As part of my day job, I had to convert some XML data provided by one of our Danish customers. During this process I learned a little about character encoding. I have read Joel Spolsky's article, but it's not until you encounter the problems of character encoding face-to-face, it really sinks home.
There were two files, one a complete set of XML, and the second, a
subset of the first, which contained data of particular interest.
To process the files, I had already written some Clojure code that converted XML to
maps for easier manipulation. To read the file contents, the code
used the in-built slurp
function. For the first file, this
resulted in a set of strings containing all those funny Danish
characters. However, reading the second file the same way gave me
strings with clearly incorrect Danish characters. What the hell?

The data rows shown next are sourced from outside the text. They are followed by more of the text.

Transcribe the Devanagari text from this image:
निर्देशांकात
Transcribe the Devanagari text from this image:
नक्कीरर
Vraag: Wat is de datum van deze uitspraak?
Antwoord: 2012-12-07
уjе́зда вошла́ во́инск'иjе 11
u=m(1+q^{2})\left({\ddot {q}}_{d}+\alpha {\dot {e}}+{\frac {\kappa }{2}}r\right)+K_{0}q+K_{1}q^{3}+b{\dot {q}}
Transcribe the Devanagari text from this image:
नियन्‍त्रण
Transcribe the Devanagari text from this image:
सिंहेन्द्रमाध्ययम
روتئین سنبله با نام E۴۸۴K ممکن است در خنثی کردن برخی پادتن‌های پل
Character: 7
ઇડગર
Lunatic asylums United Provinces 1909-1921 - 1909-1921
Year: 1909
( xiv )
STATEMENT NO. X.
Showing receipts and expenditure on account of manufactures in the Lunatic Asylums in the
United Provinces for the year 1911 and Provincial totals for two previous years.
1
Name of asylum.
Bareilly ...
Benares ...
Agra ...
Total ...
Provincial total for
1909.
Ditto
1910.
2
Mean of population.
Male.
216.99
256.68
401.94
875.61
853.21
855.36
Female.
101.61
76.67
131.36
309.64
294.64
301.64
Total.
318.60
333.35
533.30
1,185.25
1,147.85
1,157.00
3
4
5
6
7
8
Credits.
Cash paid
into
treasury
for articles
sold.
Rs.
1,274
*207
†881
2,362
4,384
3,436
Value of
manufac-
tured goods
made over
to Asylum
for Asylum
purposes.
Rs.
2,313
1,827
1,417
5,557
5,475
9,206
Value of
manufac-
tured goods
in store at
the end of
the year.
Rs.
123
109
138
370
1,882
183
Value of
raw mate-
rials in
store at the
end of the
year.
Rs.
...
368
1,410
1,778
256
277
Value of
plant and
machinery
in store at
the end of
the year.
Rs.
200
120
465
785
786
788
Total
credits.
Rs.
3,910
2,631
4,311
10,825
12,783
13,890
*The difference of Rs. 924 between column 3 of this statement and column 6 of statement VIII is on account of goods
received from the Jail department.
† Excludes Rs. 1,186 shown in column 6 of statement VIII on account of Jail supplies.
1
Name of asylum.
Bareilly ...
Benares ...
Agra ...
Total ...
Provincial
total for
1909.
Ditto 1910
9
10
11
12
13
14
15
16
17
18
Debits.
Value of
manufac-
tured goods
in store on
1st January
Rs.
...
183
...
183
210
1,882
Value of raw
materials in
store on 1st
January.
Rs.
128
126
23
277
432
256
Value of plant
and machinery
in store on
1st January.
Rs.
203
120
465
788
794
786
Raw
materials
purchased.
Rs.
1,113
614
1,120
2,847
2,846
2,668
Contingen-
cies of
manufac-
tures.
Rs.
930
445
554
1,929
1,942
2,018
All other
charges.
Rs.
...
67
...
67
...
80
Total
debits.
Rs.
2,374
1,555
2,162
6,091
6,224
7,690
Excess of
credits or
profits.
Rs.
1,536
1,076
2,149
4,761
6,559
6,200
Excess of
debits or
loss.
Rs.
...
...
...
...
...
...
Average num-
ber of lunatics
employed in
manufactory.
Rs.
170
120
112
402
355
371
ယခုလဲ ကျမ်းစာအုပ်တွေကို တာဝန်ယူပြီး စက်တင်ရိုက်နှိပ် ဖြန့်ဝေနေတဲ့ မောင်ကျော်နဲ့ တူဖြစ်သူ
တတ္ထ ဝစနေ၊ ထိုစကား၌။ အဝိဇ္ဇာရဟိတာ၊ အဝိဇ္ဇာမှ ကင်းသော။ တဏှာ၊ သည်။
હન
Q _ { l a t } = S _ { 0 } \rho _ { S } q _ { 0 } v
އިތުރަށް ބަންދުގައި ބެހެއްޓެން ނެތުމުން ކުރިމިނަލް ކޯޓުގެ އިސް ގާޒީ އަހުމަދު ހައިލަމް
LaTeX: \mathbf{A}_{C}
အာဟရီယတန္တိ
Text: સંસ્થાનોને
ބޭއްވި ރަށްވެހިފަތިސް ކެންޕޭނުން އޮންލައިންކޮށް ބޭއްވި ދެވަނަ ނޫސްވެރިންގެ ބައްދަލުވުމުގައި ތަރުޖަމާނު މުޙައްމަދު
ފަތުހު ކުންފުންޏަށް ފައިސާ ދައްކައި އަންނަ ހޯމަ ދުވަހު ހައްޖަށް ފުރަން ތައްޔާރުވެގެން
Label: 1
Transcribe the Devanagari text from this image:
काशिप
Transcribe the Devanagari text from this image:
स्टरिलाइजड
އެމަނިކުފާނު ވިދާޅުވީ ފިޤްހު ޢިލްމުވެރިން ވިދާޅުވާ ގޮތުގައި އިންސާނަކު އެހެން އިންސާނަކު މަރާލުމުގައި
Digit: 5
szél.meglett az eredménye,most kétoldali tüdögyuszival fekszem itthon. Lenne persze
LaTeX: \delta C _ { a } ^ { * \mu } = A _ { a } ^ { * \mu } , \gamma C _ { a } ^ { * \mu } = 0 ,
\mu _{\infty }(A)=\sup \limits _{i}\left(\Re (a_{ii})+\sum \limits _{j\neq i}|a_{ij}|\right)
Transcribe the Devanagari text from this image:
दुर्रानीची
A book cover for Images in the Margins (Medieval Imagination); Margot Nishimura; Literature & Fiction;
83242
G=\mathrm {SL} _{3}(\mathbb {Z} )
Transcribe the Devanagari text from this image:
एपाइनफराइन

I inspected the files with od -t cx4
. A key excerpt from
each file is shown below:
0001720 3 > F e j l p å ** l i n i e 65463e33 70206c6a 6c20a5c3 65696e69
0002060 e s l 345 a t t e k n i k e r e56c7365 20746120 6e6b6574 72656b69
After re-reading Mr. Spolsky's article, it became clear what was
going on. The first file is in UTF-8 format; the clue is the two
byte sequence x'c3a5'
(bytes are swapped as this was dumped
on a little-endian machine). This is a UTF-8 sequence, which when
decoded, results in the single character represented by x'e5' - a
lower-case 'a' with a ring on top, that is "å".
The excerpt from the second file shows the same character (displayed as '345' in the character decoding), but you can see the x'e5' appears as itself. Hence, the file encoding is not UTF-8, but ISO-8895-1 (aka ISO-LATIN-1).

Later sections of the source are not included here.